ECAI Conference 2020 Conference Paper

Inter-Slice Image Augmentation Based on Frame Interpolation for Boosting Medical Image Segmentation Accuracy

  • Zhaotao Wu
  • Jia Wei
  • Wenguang Yuan
  • Jiabing Wang
  • Tolga Tasdizen

We introduce the idea of inter-slice image augmentation whereby the numbers of the medical images and the corresponding segmentation labels are increased between two consecutive images in order to boost medical image segmentation accuracy. Unlike conventional data augmentation methods in medical imaging, which only increase the number of training samples directly by adding new virtual samples using simple parameterized transformations such as rotation, flipping, scaling, etc. , we aim to augment data based on the relationship between two consecutive images, which increases not only the number but also the information of training samples. For this purpose, we propose a frame-interpolation-based data augmentation method to generate intermediate medical images and the corresponding segmentation labels between two consecutive images. We train and test a supervised U-Net liver segmentation network on SLIVER07 and CHAOS2019, respectively, with the augmented training samples, and obtain segmentation scores exhibiting significant improvement compared to the conventional augmentation methods.
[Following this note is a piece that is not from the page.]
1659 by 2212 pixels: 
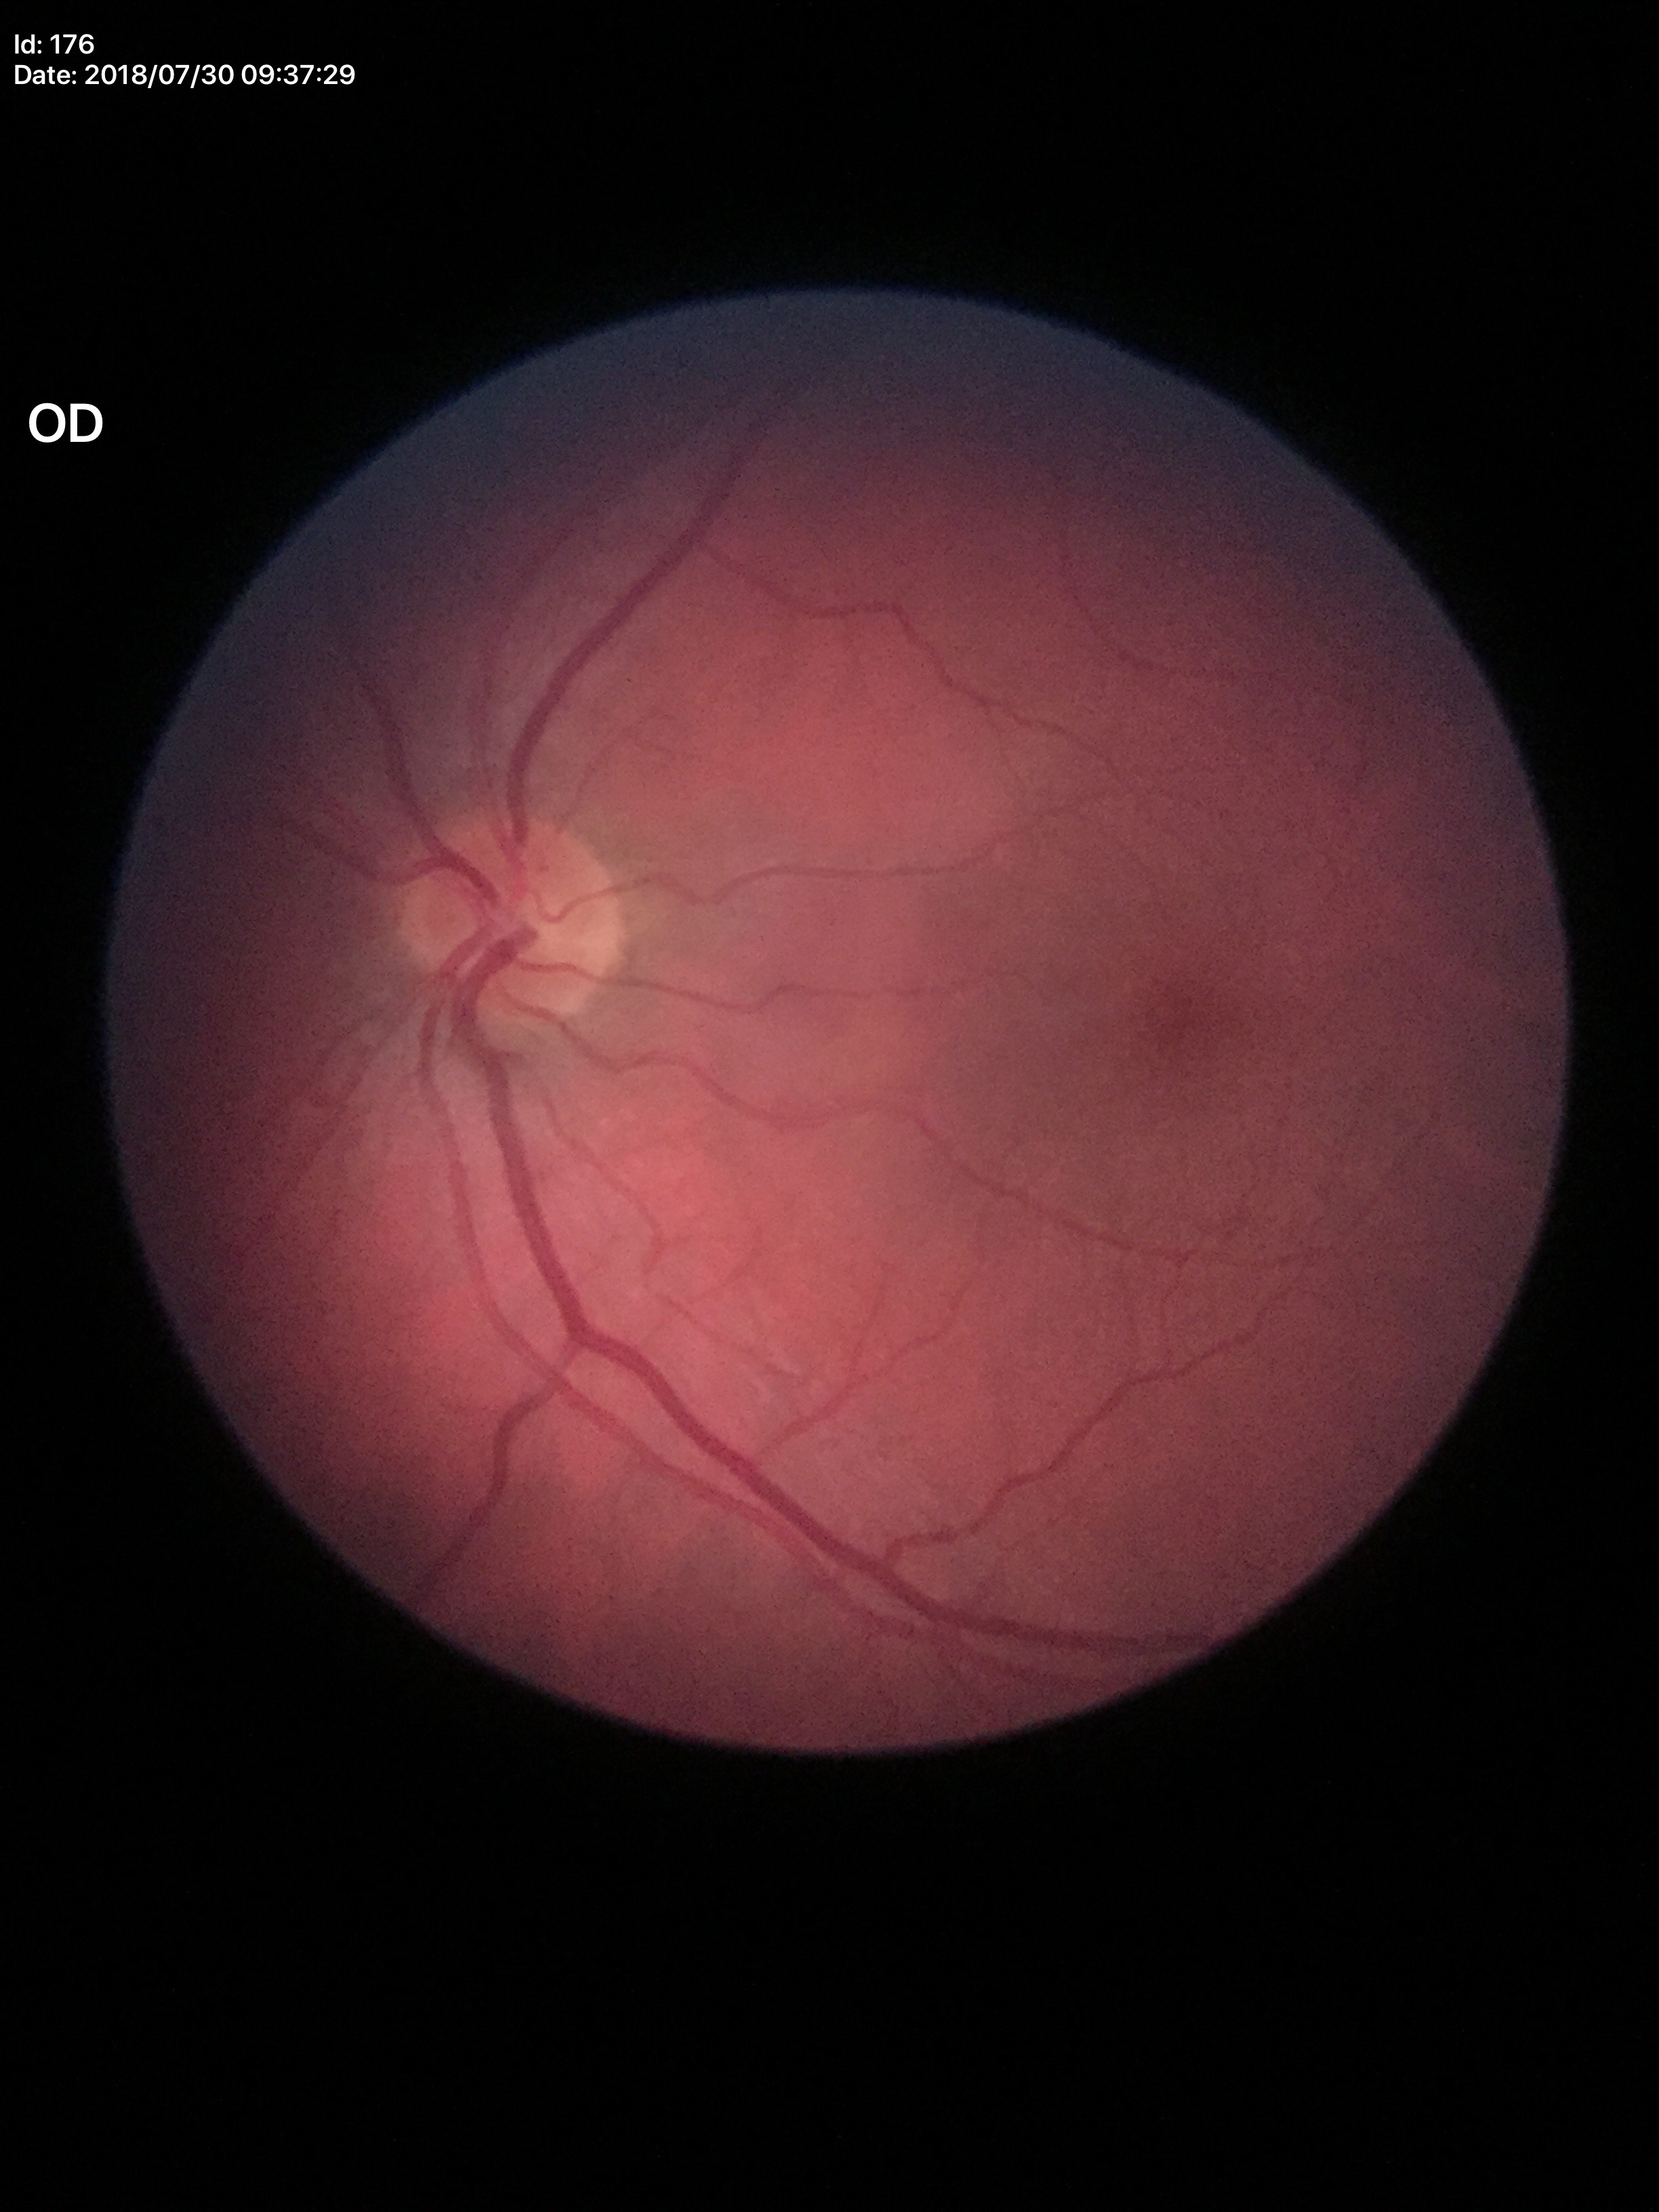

JBHI Journal 2014 Journal Article

Local and Global Preserving Semisupervised Dimensionality Reduction Based on Random Subspace for Cancer Classification

  • Xianfa Cai
  • Jia wei
  • Guihua Wen
  • Zhiwen Yu

Precise cancer classification is essential to the successful diagnosis and treatment of cancers. Although semisupervised dimensionality reduction approaches perform very well on clean datasets, the topology of the neighborhood constructed with most existing approaches is unstable in the presence of high-dimensional data with noise. In order to solve this problem, a novel local and global preserving semisupervised dimensionality reduction based on random subspace algorithm marked as RSLGSSDR, which utilizes random subspace for semisupervised dimensionality reduction, is proposed. The algorithm first designs multiple diverse graphs on different random subspace of datasets and then fuses these graphs into a mixture graph on which dimensionality reduction is performed. As the mixture graph is constructed in lower dimensionality, it can ease the issues on graph construction on high-dimensional samples such that it can hold complicated geometric distribution of datasets as the diversity of random subspaces. Experimental results on public gene expression datasets demonstrate that the proposed RSLGSSDR not only has superior recognition performance to competitive methods, but also is robust against a wide range of values of input parameters.